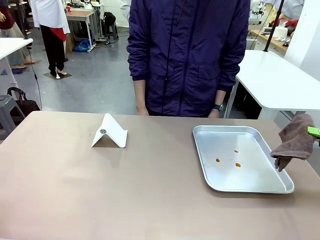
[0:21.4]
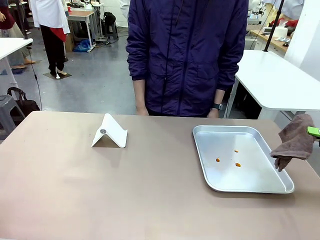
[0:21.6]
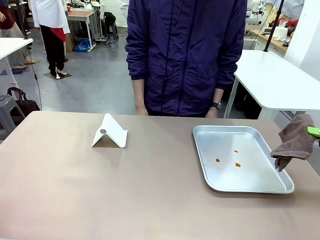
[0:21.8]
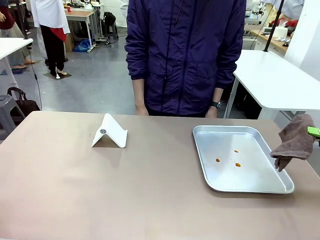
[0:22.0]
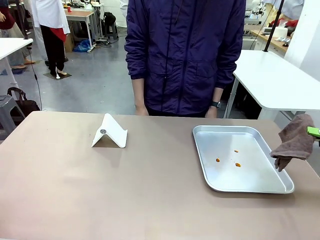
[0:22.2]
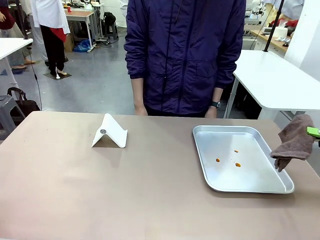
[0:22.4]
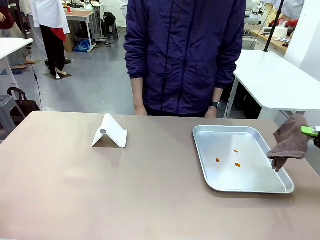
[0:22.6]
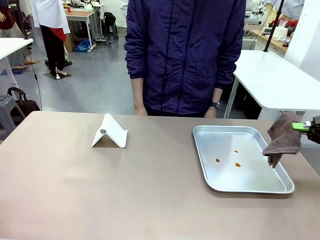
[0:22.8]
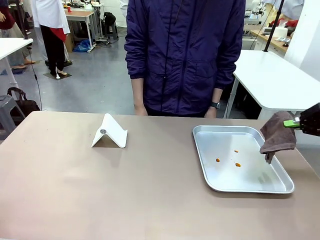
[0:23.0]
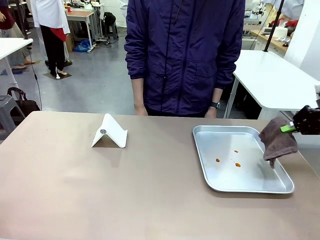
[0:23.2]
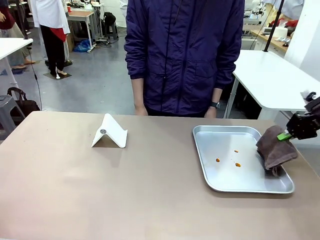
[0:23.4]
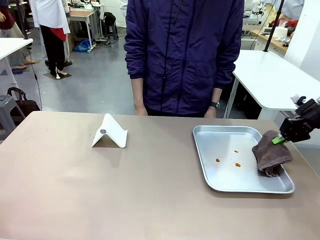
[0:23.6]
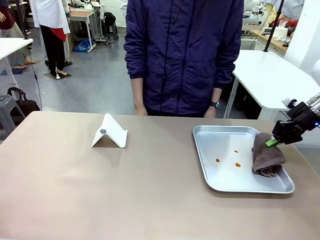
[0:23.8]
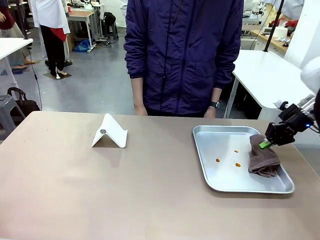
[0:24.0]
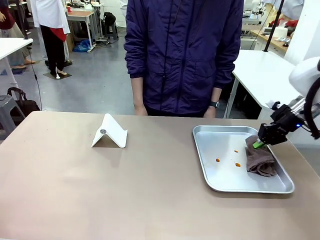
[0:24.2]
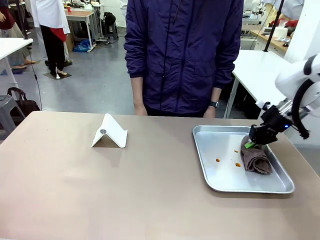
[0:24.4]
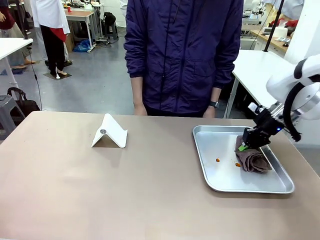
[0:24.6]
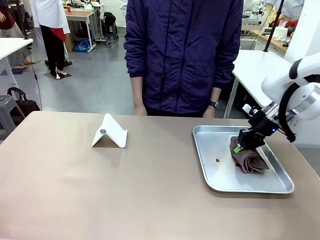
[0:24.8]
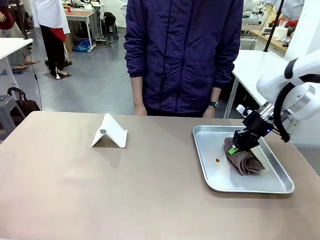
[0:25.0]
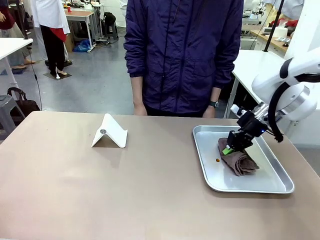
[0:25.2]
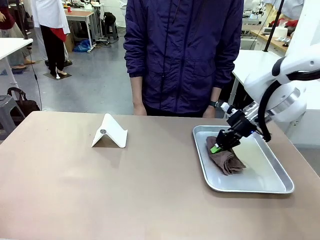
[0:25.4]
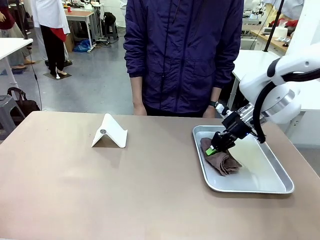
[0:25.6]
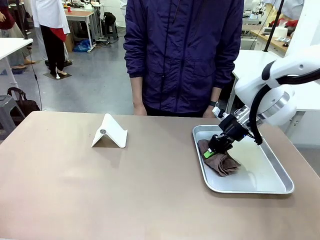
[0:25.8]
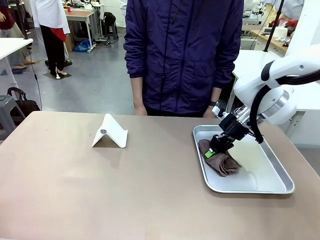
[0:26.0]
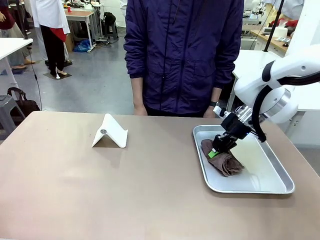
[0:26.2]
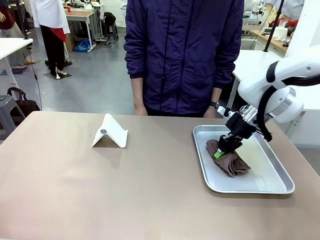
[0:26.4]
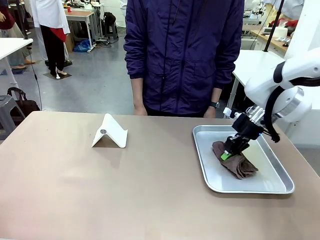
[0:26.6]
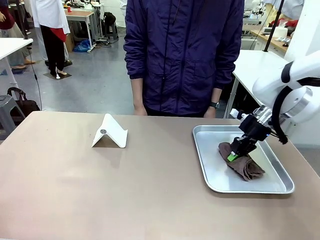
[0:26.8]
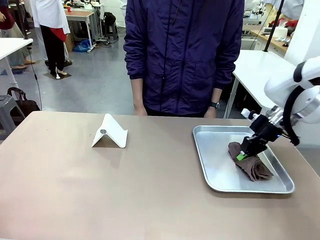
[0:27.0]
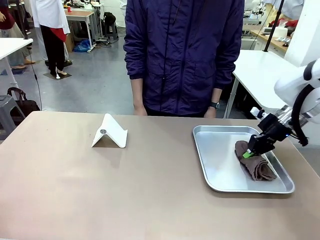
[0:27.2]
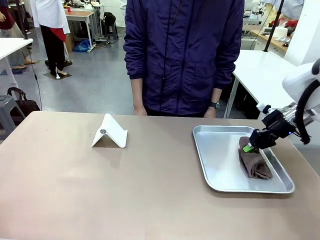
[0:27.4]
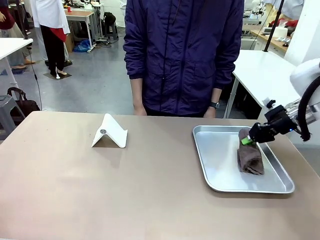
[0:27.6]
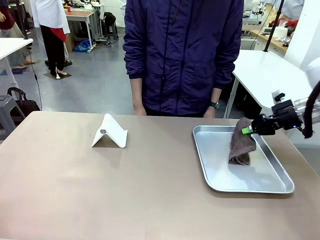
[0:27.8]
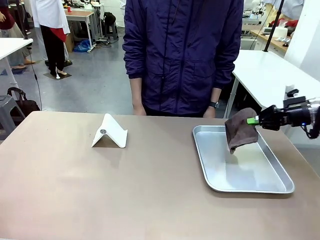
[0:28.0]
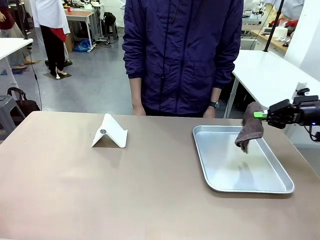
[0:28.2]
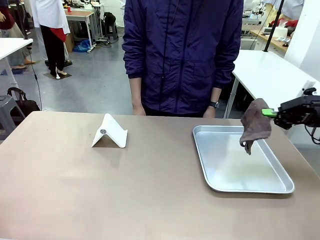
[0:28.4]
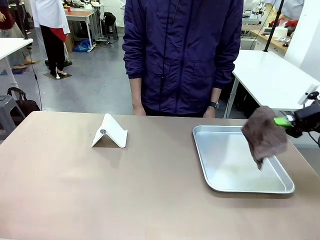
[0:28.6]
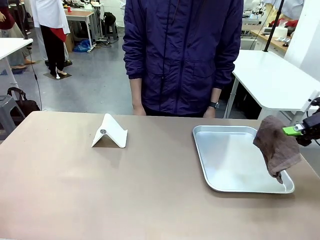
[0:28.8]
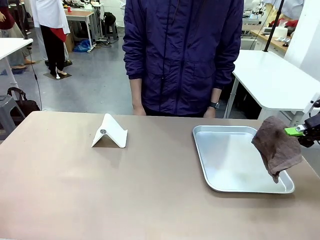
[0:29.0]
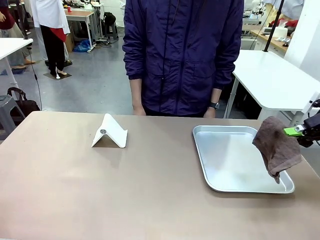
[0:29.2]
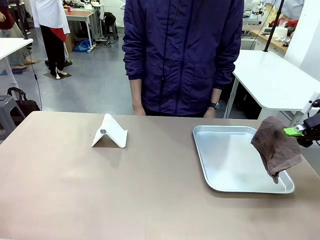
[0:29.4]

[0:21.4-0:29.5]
Task: Clean the surface of the table.
Robot: Clean the area not pointed to by the person.

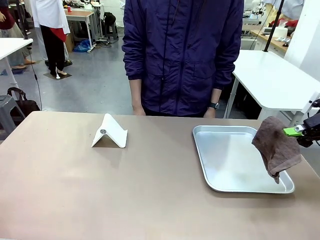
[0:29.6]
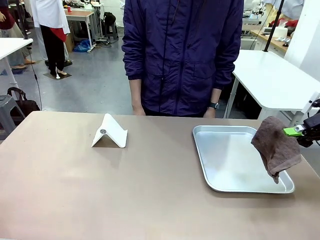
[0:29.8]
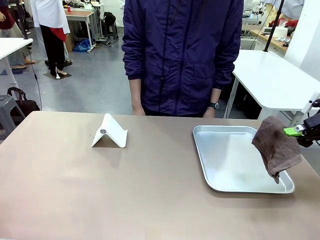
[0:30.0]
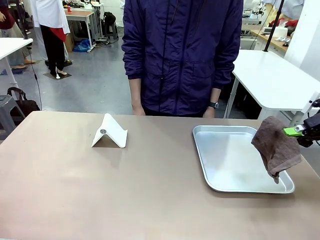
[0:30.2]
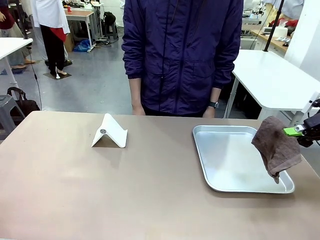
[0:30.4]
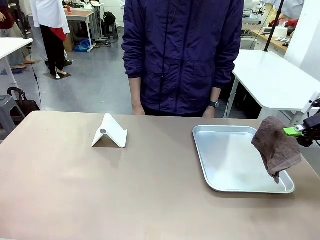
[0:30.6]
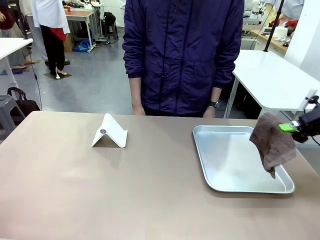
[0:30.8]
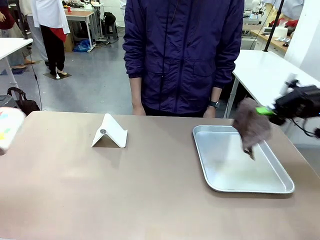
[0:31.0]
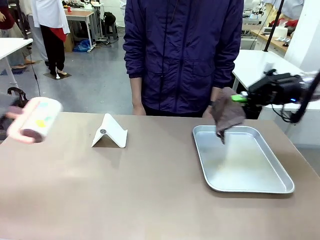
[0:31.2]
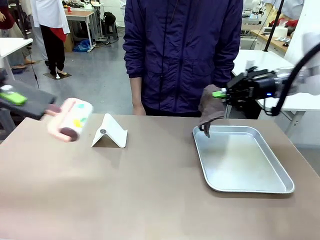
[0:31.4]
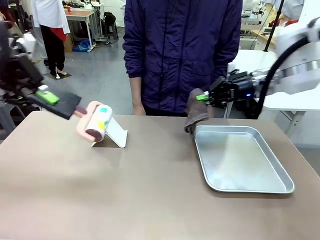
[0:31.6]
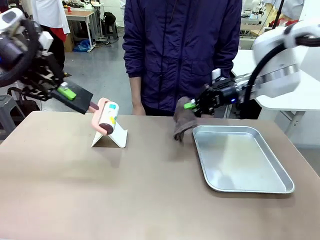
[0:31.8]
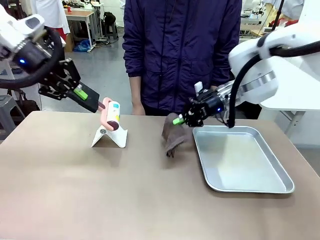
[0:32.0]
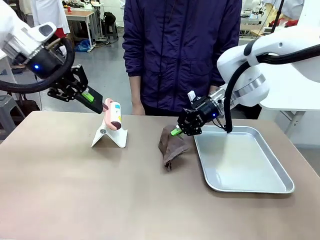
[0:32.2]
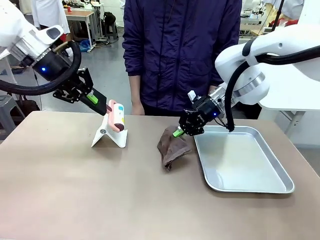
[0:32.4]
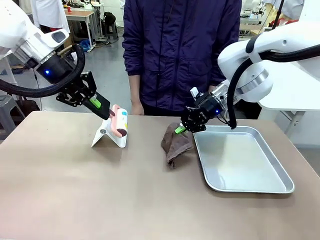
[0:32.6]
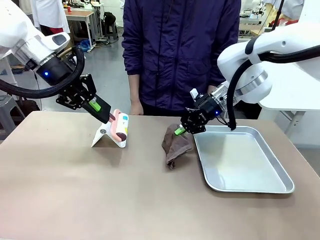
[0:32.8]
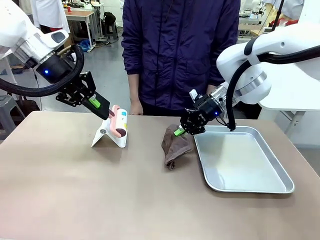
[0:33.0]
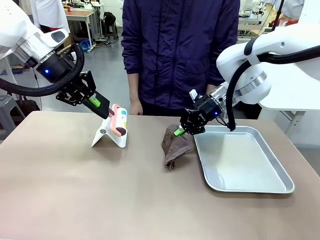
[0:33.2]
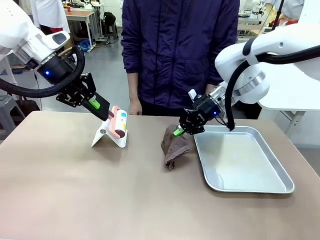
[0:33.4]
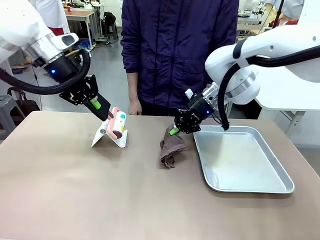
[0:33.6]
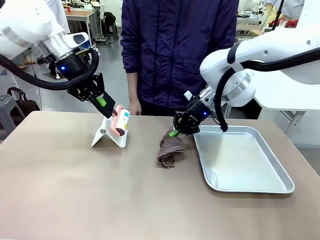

◇ ◇ ◇

How to complete this task →
Print the data above exactly; drop every picture.

Completed task →
[0:21.4]
[0:21.6]
[0:21.8]
[0:22.0]
[0:22.2]
[0:22.4]
[0:22.6]
[0:22.8]
[0:23.0]
[0:23.2]
[0:23.4]
[0:23.6]
[0:23.8]
[0:24.0]
[0:24.2]
[0:24.4]
[0:24.6]
[0:24.8]
[0:25.0]
[0:25.2]
[0:25.4]
[0:25.6]
[0:25.8]
[0:26.0]
[0:26.2]
[0:26.4]
[0:26.6]
[0:26.8]
[0:27.0]
[0:27.2]
[0:27.4]
[0:27.6]
[0:27.8]
[0:28.0]
[0:28.2]
[0:28.4]
[0:28.6]
[0:28.8]
[0:29.0]
[0:29.2]
[0:29.4]

[0:21.4-0:29.5]
Task: Clean the surface of the table.
Robot: Clean the area not pointed to by the person.

[0:29.6]
[0:29.8]
[0:30.0]
[0:30.2]
[0:30.4]
[0:30.6]
[0:30.8]
[0:31.0]
[0:31.2]
[0:31.4]
[0:31.6]
[0:31.8]
[0:32.0]
[0:32.2]
[0:32.4]
[0:32.6]
[0:32.8]
[0:33.0]
[0:33.2]
[0:33.4]
[0:33.6]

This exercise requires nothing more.